Starting on the paved Whitney Portal Road, we experimented with exposure using Lone Pine Peak and Mt. Whitney as subjects. It only took a few seat-of-the-pants, trial-and-error frames to arrive at exposure settings that worked (and that I still use). Buoyed by the results barely visible on my postage stamp LCD, I suggested we venture deeper into the “hills” (more like a collection of stacked, weathered granite boulders) on the confusing network of dirt roads. Somewhat (but not hopelessly) lost, we ended up setting up at a rocky dead-end amidst a confusion of moon shadows.
This might be a good time to mention that, whether you know it or not, you’re probably more familiar with the Alabama Hills than you might realize. Its jumbled granite and meandering dirt trails have been home to countless cinema chases, gunfights, and ambushes since the halcyon days of John Wayne, Gary Cooper, and Roy Rogers. (And imagine my surprise while watching the first “Ironman” movie, to see see Mt. Whitney looming over the Afghan desert.) So it was particularly surreal to be alone in the moonlit night, in the shadow of boulders that very well may have launched John Wayne onto the back of an Indian pony, or from behind which Randolph Scott might have sprung to surprise a retreating train robber. But I digress.
Both Jay and I were concentrating on the Sierra crest, anchored by Lone Pine Peak and Mt. Whitney, beneath a ceiling of sparking stars. During one of my exposures I glanced toward the northern horizon and saw the Big Dipper suspended above a natural granite bridge. On a whim I rotated my tripod 90 degrees, composed a vertical frame wide enough to include the Big Dipper (I couldn’t see the stars in my fairly dim viewfinder), and guessed on the focus. I clicked two frames, then returned my attention to the mountains.
It wasn’t until I returned to the hotel and checked my images on my laptop that I realized I’d captured something that was (in my opinion) special. The other images from than night are accumulating digital dust on a hard disk, but this image of the Big Dipper has become one of my favorite (and most popular).

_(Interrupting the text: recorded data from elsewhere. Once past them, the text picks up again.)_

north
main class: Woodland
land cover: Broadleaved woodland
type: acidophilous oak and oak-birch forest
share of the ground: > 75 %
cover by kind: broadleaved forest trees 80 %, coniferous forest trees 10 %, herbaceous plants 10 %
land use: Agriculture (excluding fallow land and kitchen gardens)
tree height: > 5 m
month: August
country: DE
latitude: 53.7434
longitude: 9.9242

Even more significant than the image’s success is epiphany it inspired. I’ve always been drawn to the night sky, from the night when I was about 10 and when my best friend Rob and I peered through a telescope in his front yard and saw the rings of Saturn and the moons of Jupiter. After that, camping and backpack trips were always sans tent just so I’d have an unobstructed view of the pristine night sky, and I read every book on astronomy I could find. In college I even majored in astronomy, that is until the quantification of the cosmos sapped its elegance (not that there’s anything wrong with that). But this one night in the Alabama Hills revived that latent passion and showed me how easy it is to include the stars in my current life.
Posted on July 27, 2011
Sometimes I wonder if humans’ inherent need for discovery has been dulled by the proliferation of artificial stimuli. Television, movies, the Internet, and video games are indeed pretty amazing, but if Magellan were alive today, do you think he’d be riveted to “The Discovery Channel” or hunched at his computer, probing Google Earth? If Magellan had a camera, would he be online mining GPS coordinates and posting forum queries requesting suggestions for photographing Delicate Arch, Half Dome, or Antelope Canyon? I suspect 21st century Magellan wouldn’t be satisfied with duplicating the feats of others; he’d be the one navigating uncharted territory no matter what his pursuit.

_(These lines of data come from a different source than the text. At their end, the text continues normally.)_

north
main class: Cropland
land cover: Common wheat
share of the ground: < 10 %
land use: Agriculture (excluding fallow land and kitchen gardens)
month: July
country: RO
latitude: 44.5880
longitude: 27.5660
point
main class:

(As you may have figured out) there are many, many great photo spots in Yosemite. Each year I lead eight to ten photo workshops and classes, not to mention a number of private Yosemite tours. Many of my customers arrive with specific shots in mind, pictures they’ve long admired and wanted to add to their portfolios. I’d be negligent if I didn’t do everything possible to help them get their dream shots, but because I’d be equally remiss if I didn’t encourage them to discover their own beauty, I give them the same challenge that motivates me: Make the “iconic” scenes your starting point, not your objective. In other words, get the shot you came for, then look for ways to make the world uniquely your own.
That can mean exploring new territory, dropping to your hands and knees to look closer, or simply asking “What if?” and making the effort to find out. What’s pretty cool about pursuing discovery is that, for me at least, photography instantly becomes as much about the experience of the world as it is about the images that result. And, my photography benefits. Talk about synergy.
This location I found by simply meandering a trail that parallels the Merced River west of Yosemite Lodge. (I’m not claiming this was a heretofore an unknown spot, just that it hasn’t made the tourists’ radar yet.) I wasn’t looking for anything in particular, but the relative peace of these excursions are a welcome respite from Yosemite’s often frenetic energy. I have no idea what motivated Magellan, nor do I pretend to be making significant inroads into the body of world knowledge (yet), but I can sure appreciate his drive to uncover something new, a drive that I’m sure is buried somewhere in each of us.
Posted on July 22, 2011
Probably the question I am most asked is some variation on, “What lens should I use?” While I’m happy to answer questions, this one always makes me cringe because the implicit question is, “Which lenses can I leave behind?”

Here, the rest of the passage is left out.